= Kirvan Fortuin =

South African dancer

Kirvan Fortuin (10 August 1991 – 13 June 2020) was a Khoikhoi First Nation dancer, choreographer and LGBT activist.

==Career==
Born in Macassar, Fortuin joined the Cape Whalers Field Band in 2002, which prompted their interest in dance. They began formal dance training at the University of Cape Town in 2010, studying classical dance, contemporary dance, African dance and other dance forms. Fortuin qualified with a dance teacher's diploma in 2012 and performed that year at the International Theatre School Festival in Amsterdam, the Netherlands. They received a BMus (Hons) in choreography from University of Cape Town, and a Bachelor of Dance from Codarts University for the Arts in Rotterdam.

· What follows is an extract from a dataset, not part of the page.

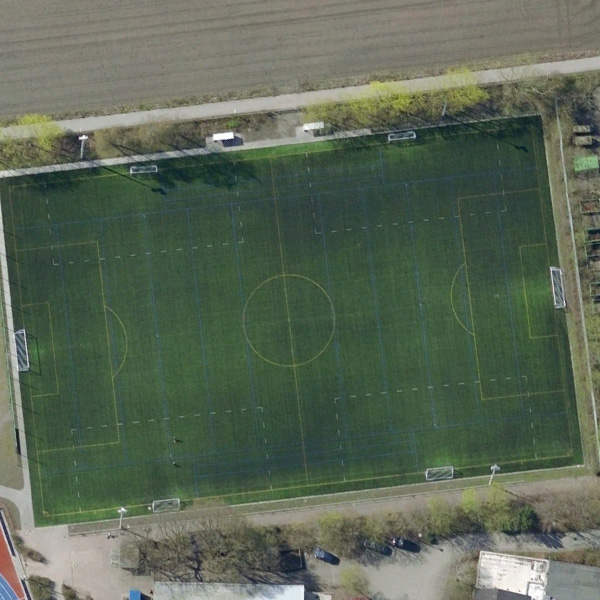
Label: Playground

Fortuin choreographed works for the Cape Town City Ballet, Dance Umbrella Johannesburg, Vrystaat Kunstefees, Artscape Theatre Centre, Suidoosterfees, Afrovibes NL & SA and the Afrikaanse Kultuurfees. At Framer Framed in Amsterdam, Fortuin gave a performance response to the exhibition Re(as)sisting Narratives (2016). Fortuin created this new choreography inspired by the themes addressed, the exhibition space and the diverse works on show among which the video's Ga Bose Gangwe (2013) and Inzilo (2013) by Mohau Modisakeng. The event was a collaboration with AfroVibes Festival.

In 2017, Fortuin founded House of Le Cap, South Africa's first ballroom house. As an LGBT activist, Fortuin hosted Africa's first Vogue Ball on World AIDS Day to raise awareness and fund for the LGBT community affected by HIV.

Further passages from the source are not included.